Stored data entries

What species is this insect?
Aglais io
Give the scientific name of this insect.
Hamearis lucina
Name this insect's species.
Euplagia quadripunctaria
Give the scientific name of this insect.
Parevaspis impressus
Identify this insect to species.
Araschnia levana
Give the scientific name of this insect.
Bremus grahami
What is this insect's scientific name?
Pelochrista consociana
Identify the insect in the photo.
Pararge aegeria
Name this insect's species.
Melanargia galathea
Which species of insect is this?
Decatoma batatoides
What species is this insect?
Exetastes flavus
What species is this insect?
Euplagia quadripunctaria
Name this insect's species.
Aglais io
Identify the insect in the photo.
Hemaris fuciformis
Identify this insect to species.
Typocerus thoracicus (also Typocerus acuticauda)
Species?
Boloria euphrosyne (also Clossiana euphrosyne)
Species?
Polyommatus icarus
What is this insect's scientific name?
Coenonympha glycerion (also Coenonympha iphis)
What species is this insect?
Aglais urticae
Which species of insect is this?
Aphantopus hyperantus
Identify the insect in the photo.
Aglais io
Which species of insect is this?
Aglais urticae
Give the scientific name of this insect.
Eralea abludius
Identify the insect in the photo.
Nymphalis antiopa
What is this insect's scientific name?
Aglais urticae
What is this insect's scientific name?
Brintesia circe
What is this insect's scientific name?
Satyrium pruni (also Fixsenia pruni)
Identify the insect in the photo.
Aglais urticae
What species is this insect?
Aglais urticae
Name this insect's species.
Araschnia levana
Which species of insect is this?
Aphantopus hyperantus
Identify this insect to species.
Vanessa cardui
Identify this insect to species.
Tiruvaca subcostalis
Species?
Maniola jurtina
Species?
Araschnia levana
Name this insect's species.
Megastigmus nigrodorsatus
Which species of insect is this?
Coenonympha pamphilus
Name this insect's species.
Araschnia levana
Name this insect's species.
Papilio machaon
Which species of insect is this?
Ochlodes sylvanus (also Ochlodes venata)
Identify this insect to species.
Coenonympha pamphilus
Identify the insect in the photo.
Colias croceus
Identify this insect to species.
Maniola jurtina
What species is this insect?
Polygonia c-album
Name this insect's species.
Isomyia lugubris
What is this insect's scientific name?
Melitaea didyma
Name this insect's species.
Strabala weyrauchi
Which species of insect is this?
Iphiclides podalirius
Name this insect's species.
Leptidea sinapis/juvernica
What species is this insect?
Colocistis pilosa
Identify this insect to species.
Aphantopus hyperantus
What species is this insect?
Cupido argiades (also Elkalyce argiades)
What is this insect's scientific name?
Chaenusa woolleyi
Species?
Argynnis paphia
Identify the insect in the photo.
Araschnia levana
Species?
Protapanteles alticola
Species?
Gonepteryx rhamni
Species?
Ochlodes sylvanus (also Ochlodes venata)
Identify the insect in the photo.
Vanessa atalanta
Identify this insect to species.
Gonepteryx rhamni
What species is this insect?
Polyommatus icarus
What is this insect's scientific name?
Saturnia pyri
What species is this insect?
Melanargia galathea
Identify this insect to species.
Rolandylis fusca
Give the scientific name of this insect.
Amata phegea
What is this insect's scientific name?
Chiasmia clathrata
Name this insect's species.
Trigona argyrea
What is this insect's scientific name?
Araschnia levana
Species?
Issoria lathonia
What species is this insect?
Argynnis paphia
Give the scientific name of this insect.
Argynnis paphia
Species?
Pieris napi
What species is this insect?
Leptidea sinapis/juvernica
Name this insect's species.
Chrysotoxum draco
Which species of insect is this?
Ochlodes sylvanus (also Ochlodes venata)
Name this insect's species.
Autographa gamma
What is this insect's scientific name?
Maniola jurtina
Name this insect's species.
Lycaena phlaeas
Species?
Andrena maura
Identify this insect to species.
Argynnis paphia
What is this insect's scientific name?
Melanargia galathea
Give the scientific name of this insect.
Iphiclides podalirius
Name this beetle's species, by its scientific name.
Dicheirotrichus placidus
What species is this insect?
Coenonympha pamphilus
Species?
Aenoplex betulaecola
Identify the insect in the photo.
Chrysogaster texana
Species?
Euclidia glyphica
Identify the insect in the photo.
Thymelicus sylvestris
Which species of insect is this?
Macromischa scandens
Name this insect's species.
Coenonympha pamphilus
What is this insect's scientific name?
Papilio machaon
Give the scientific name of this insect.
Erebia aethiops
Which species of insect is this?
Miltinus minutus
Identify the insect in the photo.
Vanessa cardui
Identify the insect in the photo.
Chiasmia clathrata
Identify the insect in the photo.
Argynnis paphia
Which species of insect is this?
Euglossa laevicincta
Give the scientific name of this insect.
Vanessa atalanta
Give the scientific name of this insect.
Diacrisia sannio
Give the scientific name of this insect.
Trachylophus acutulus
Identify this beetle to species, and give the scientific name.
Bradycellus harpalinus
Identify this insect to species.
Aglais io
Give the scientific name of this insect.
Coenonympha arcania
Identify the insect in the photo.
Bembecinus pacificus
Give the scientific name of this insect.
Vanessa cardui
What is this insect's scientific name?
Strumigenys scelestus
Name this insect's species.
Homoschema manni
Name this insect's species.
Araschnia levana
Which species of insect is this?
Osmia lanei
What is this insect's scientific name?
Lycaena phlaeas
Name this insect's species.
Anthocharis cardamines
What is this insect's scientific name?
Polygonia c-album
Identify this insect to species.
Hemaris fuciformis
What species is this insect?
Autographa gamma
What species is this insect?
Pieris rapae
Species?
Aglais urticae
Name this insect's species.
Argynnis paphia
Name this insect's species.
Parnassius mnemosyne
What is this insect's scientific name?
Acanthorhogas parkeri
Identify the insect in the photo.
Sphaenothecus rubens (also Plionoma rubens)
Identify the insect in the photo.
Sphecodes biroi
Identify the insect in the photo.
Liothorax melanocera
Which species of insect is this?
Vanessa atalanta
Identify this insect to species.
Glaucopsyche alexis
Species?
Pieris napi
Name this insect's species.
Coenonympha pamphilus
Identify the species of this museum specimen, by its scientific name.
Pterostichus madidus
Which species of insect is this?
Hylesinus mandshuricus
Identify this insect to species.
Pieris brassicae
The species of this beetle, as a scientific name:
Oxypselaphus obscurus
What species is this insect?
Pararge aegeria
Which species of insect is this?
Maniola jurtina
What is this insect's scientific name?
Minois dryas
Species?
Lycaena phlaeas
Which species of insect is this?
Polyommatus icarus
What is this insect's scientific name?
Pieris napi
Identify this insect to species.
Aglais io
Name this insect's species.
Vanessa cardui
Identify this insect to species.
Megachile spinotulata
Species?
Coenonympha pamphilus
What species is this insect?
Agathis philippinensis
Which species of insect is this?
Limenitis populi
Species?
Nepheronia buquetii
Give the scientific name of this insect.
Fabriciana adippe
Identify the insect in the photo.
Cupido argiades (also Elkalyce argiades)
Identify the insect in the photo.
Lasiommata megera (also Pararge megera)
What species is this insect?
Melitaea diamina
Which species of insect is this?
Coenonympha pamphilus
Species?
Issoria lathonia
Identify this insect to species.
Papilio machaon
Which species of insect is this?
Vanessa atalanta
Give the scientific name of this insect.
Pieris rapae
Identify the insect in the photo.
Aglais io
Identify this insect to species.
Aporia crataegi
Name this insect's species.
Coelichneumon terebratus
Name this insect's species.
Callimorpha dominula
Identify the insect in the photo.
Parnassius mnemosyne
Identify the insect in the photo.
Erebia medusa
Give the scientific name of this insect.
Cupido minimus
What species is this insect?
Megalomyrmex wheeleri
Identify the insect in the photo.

Required work = Reproduce the data above in full, keeping it exactly the same.

Written answer =
What species is this insect?
Aglais io
Give the scientific name of this insect.
Hamearis lucina
Name this insect's species.
Euplagia quadripunctaria
Give the scientific name of this insect.
Parevaspis impressus
Identify this insect to species.
Araschnia levana
Give the scientific name of this insect.
Bremus grahami
What is this insect's scientific name?
Pelochrista consociana
Identify the insect in the photo.
Pararge aegeria
Name this insect's species.
Melanargia galathea
Which species of insect is this?
Decatoma batatoides
What species is this insect?
Exetastes flavus
What species is this insect?
Euplagia quadripunctaria
Name this insect's species.
Aglais io
Identify the insect in the photo.
Hemaris fuciformis
Identify this insect to species.
Typocerus thoracicus (also Typocerus acuticauda)
Species?
Boloria euphrosyne (also Clossiana euphrosyne)
Species?
Polyommatus icarus
What is this insect's scientific name?
Coenonympha glycerion (also Coenonympha iphis)
What species is this insect?
Aglais urticae
Which species of insect is this?
Aphantopus hyperantus
Identify the insect in the photo.
Aglais io
Which species of insect is this?
Aglais urticae
Give the scientific name of this insect.
Eralea abludius
Identify the insect in the photo.
Nymphalis antiopa
What is this insect's scientific name?
Aglais urticae
What is this insect's scientific name?
Brintesia circe
What is this insect's scientific name?
Satyrium pruni (also Fixsenia pruni)
Identify the insect in the photo.
Aglais urticae
What species is this insect?
Aglais urticae
Name this insect's species.
Araschnia levana
Which species of insect is this?
Aphantopus hyperantus
Identify this insect to species.
Vanessa cardui
Identify this insect to species.
Tiruvaca subcostalis
Species?
Maniola jurtina
Species?
Araschnia levana
Name this insect's species.
Megastigmus nigrodorsatus
Which species of insect is this?
Coenonympha pamphilus
Name this insect's species.
Araschnia levana
Name this insect's species.
Papilio machaon
Which species of insect is this?
Ochlodes sylvanus (also Ochlodes venata)
Identify this insect to species.
Coenonympha pamphilus
Identify the insect in the photo.
Colias croceus
Identify this insect to species.
Maniola jurtina
What species is this insect?
Polygonia c-album
Name this insect's species.
Isomyia lugubris
What is this insect's scientific name?
Melitaea didyma
Name this insect's species.
Strabala weyrauchi
Which species of insect is this?
Iphiclides podalirius
Name this insect's species.
Leptidea sinapis/juvernica
What species is this insect?
Colocistis pilosa
Identify this insect to species.
Aphantopus hyperantus
What species is this insect?
Cupido argiades (also Elkalyce argiades)
What is this insect's scientific name?
Chaenusa woolleyi
Species?
Argynnis paphia
Identify the insect in the photo.
Araschnia levana
Species?
Protapanteles alticola
Species?
Gonepteryx rhamni
Species?
Ochlodes sylvanus (also Ochlodes venata)
Identify the insect in the photo.
Vanessa atalanta
Identify this insect to species.
Gonepteryx rhamni
What species is this insect?
Polyommatus icarus
What is this insect's scientific name?
Saturnia pyri
What species is this insect?
Melanargia galathea
Identify this insect to species.
Rolandylis fusca
Give the scientific name of this insect.
Amata phegea
What is this insect's scientific name?
Chiasmia clathrata
Name this insect's species.
Trigona argyrea
What is this insect's scientific name?
Araschnia levana
Species?
Issoria lathonia
What species is this insect?
Argynnis paphia
Give the scientific name of this insect.
Argynnis paphia
Species?
Pieris napi
What species is this insect?
Leptidea sinapis/juvernica
Name this insect's species.
Chrysotoxum draco
Which species of insect is this?
Ochlodes sylvanus (also Ochlodes venata)
Name this insect's species.
Autographa gamma
What is this insect's scientific name?
Maniola jurtina
Name this insect's species.
Lycaena phlaeas
Species?
Andrena maura
Identify this insect to species.
Argynnis paphia
What is this insect's scientific name?
Melanargia galathea
Give the scientific name of this insect.
Iphiclides podalirius
Name this beetle's species, by its scientific name.
Dicheirotrichus placidus
What species is this insect?
Coenonympha pamphilus
Species?
Aenoplex betulaecola
Identify the insect in the photo.
Chrysogaster texana
Species?
Euclidia glyphica
Identify the insect in the photo.
Thymelicus sylvestris
Which species of insect is this?
Macromischa scandens
Name this insect's species.
Coenonympha pamphilus
What is this insect's scientific name?
Papilio machaon
Give the scientific name of this insect.
Erebia aethiops
Which species of insect is this?
Miltinus minutus
Identify the insect in the photo.
Vanessa cardui
Identify the insect in the photo.
Chiasmia clathrata
Identify the insect in the photo.
Argynnis paphia
Which species of insect is this?
Euglossa laevicincta
Give the scientific name of this insect.
Vanessa atalanta
Give the scientific name of this insect.
Diacrisia sannio
Give the scientific name of this insect.
Trachylophus acutulus
Identify this beetle to species, and give the scientific name.
Bradycellus harpalinus
Identify this insect to species.
Aglais io
Give the scientific name of this insect.
Coenonympha arcania
Identify the insect in the photo.
Bembecinus pacificus
Give the scientific name of this insect.
Vanessa cardui
What is this insect's scientific name?
Strumigenys scelestus
Name this insect's species.
Homoschema manni
Name this insect's species.
Araschnia levana
Which species of insect is this?
Osmia lanei
What is this insect's scientific name?
Lycaena phlaeas
Name this insect's species.
Anthocharis cardamines
What is this insect's scientific name?
Polygonia c-album
Identify this insect to species.
Hemaris fuciformis
What species is this insect?
Autographa gamma
What species is this insect?
Pieris rapae
Species?
Aglais urticae
Name this insect's species.
Argynnis paphia
Name this insect's species.
Parnassius mnemosyne
What is this insect's scientific name?
Acanthorhogas parkeri
Identify the insect in the photo.
Sphaenothecus rubens (also Plionoma rubens)
Identify the insect in the photo.
Sphecodes biroi
Identify the insect in the photo.
Liothorax melanocera
Which species of insect is this?
Vanessa atalanta
Identify this insect to species.
Glaucopsyche alexis
Species?
Pieris napi
Name this insect's species.
Coenonympha pamphilus
Identify the species of this museum specimen, by its scientific name.
Pterostichus madidus
Which species of insect is this?
Hylesinus mandshuricus
Identify this insect to species.
Pieris brassicae
The species of this beetle, as a scientific name:
Oxypselaphus obscurus
What species is this insect?
Pararge aegeria
Which species of insect is this?
Maniola jurtina
What is this insect's scientific name?
Minois dryas
Species?
Lycaena phlaeas
Which species of insect is this?
Polyommatus icarus
What is this insect's scientific name?
Pieris napi
Identify this insect to species.
Aglais io
Name this insect's species.
Vanessa cardui
Identify this insect to species.
Megachile spinotulata
Species?
Coenonympha pamphilus
What species is this insect?
Agathis philippinensis
Which species of insect is this?
Limenitis populi
Species?
Nepheronia buquetii
Give the scientific name of this insect.
Fabriciana adippe
Identify the insect in the photo.
Cupido argiades (also Elkalyce argiades)
Identify the insect in the photo.
Lasiommata megera (also Pararge megera)
What species is this insect?
Melitaea diamina
Which species of insect is this?
Coenonympha pamphilus
Species?
Issoria lathonia
Identify this insect to species.
Papilio machaon
Which species of insect is this?
Vanessa atalanta
Give the scientific name of this insect.
Pieris rapae
Identify the insect in the photo.
Aglais io
Identify this insect to species.
Aporia crataegi
Name this insect's species.
Coelichneumon terebratus
Name this insect's species.
Callimorpha dominula
Identify the insect in the photo.
Parnassius mnemosyne
Identify the insect in the photo.
Erebia medusa
Give the scientific name of this insect.
Cupido minimus
What species is this insect?
Megalomyrmex wheeleri
Identify the insect in the photo.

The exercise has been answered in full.